Geheimdienste und Spionage sind ungewöhnliche Themen. Manchmal verlangen diese Themen auch nach einer ungewöhnlichen Art sich mit ihnen zu beschäftigen.
Live erleben konnten das die Besucher der Veranstaltung „Der Meisterfälscher“ am vergangenen Donnerstag im Deutschen Spionagemuseum: Ein Hörtheater über die Staatssicherheit der DDR.
Zusammen mit den Machern und Protagonisten lauschte man dabei nicht nur dem Audio-Feature, sondern stieg auch in die Diskussion mit ein. Eine Premiere für alle im Deutschen Spionagemuseum.
Die Radio-Journalistin und Mitbegründerin des Deutschlandfunk-Hörtheaters Heike Tauch hatte die Idee zu dem außergewöhnlichen Stück: ein Feature über einen hochrangigen Stasi-Offizier. Bei dem Protagonisten handelt es sich um niemand geringeren als den ehemaligen „Meisterfälscher der Staatssicherheit“ Dr. Günter Pelzl.
Mit 18 Jahren wurde Pelzl Inoffizieller Mitarbeiter „IM“ der Stasi. Nach seiner Promotion in Chemie an der Universität Jena wechselte er dann in Vollzeit zur „Firma“. In der Abteilung 35 des Ministeriums für Staatssicherheit verbarg sich hinter dem harmlos-bürokratischen Titel „Analyse und Reproduktion von Dokumenten“ eine Fälscherwerkstatt.
Alles, was die Geheimpolizei brauchte, wurde hier im Original begutachtet und dann selbst hergestellt. Hier stieg Pelzl bis zum stellvertretenden Leiter auf, nichts war vor ihm sicher. Als in den 1980er-Jahren der angeblich fälschungssichere Personalausweis der Bundesrepublik präsentiert wurde, war Pelzl einer der ersten der wusste: auch den kann man fälschen. Und das tat die Stasi dann auch, im Auftrag der West-Spionage zur Ausrüstung von Agenten und Kurieren.
Erwischt wurde keiner damit, als „Kronjuwel“ bezeichnet Pelzl ihn noch heute. Fälschungssicher sei ohnehin ein Etikett, dass der Öffentlichkeit Sand in die Augen streuen und den Anschein von Sicherheit erwecken soll. „Man kann alles fälschen, das ist nur gute Analyse, Chemie und handwerkliche Fertigkeit“, so Pelzl.

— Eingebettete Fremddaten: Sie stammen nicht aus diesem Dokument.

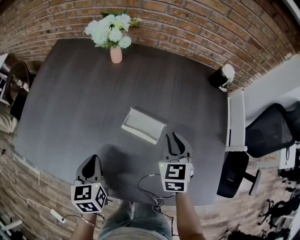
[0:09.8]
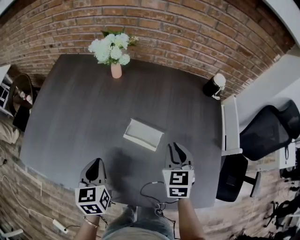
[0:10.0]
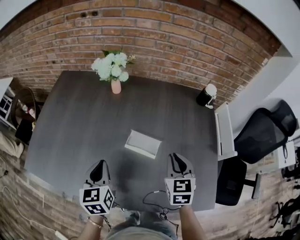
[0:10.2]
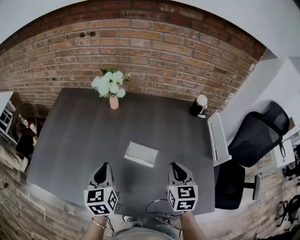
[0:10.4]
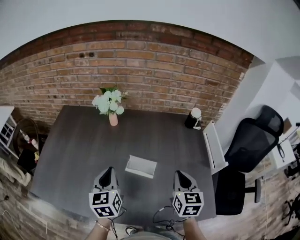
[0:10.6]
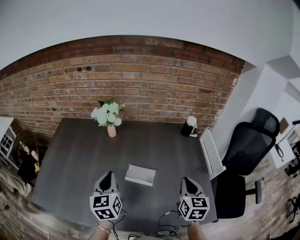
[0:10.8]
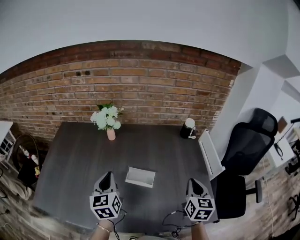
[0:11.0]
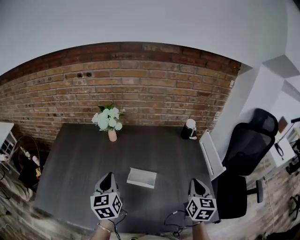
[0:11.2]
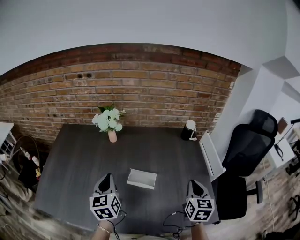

Doch über seine Arbeit als Fälscher geht es nur zum Teil in diesem Hörtheater. „Wenn man Pässe fälscht, dann muss man sich auch damit beschäftigen: Wofür? Wer kriegt das? Wer setzt das ein? Das sind ja Dinge, die eine moralische Dimension haben.“
Als einer der wenigen ehemaligen Stasi-Offiziere denkt Pelzl damit laut über Sinn und Unsinn, Recht und Unrecht der DDR und vor allem der Staatssicherheit nach. Welche Rolle spielte er selbst im Unrechtsgefüge?
Diese Fragen beschäftigten auch die Besucher im vollbesetzten Veranstaltungsraum. Die von der SPIEGEL-Redakteurin Susanne Koelbl geleitete Diskussion befasste sich dann auch mehr mit der moralischen Einordnung der DDR und der Stasi als mit den Fälschungen Pelzls.
Ein Rädchen im Getriebe eines Systems, das er heute kritisch sehe, sei er schon gewesen, sagte Pelzl. „Doch persönlich habe ich niemandem geschadet“, fügte er hinzu. Nicht jeder im Raum wollte das als Rechtfertigung durchgehen lassen. Andere Beiträge der Diskussion versuchten einen Bogen zu spannen zu der generellen Frage, wie moralisch Geheimdienstarbeit eigentlich sein könne und wie die Stasi da im Vergleich zu anderen Diensten stehe.
Große Fragen also, die das Hörtheater über den „Meisterfälscher“ der Stasi eröffnete. Diesen Fragen, die mitnichten abschließend beantwortet werden konnten, wird sich auch das Deutsche Spionagemuseum in weiteren Veranstaltungen annehmen.
Die nächste Veranstaltung findet bereits heute, am 2. Oktober 2018, statt: Auf der Festmeile zum Tag der Deutschen Einheit diskutieren Dr. Douglas Selvage, Dr. Christopher Nehring und
Boris Reitschuster unter Moderation von Georg Mascolo zum Thema „Russische Geheimdienste in Deutschland“.